■ Extracted information ■
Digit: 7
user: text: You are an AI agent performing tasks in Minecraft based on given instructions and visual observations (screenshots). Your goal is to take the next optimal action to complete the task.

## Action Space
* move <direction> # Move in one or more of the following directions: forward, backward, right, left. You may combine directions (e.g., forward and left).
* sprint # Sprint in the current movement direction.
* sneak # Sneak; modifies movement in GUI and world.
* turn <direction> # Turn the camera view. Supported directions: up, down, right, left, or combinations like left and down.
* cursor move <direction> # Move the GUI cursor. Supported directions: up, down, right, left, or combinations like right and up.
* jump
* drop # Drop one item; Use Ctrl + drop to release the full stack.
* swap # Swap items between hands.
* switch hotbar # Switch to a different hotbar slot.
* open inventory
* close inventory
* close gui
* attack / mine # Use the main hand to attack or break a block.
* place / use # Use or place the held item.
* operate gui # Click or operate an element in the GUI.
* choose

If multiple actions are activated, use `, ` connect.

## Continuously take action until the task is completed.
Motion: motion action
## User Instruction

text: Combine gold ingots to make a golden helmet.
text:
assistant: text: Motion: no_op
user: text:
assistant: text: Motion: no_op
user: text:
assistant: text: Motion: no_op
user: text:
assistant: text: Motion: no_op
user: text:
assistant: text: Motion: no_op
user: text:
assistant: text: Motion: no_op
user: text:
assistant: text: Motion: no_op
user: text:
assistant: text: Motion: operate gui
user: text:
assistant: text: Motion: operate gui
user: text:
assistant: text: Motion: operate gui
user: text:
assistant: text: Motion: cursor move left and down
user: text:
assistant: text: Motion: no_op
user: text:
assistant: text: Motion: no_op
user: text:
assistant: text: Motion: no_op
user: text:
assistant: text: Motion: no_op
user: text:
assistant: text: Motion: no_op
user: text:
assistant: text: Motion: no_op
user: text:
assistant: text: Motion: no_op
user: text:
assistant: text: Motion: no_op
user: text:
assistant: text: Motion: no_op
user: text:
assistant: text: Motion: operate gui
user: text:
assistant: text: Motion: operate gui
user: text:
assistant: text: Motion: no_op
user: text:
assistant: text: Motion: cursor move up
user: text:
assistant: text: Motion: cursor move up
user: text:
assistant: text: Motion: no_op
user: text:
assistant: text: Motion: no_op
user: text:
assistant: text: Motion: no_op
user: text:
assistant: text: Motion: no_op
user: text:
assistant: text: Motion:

■ Work order ■
Please work out how many lines in the material contain the word "left" and state only that number.

■ Solved exercise ■
4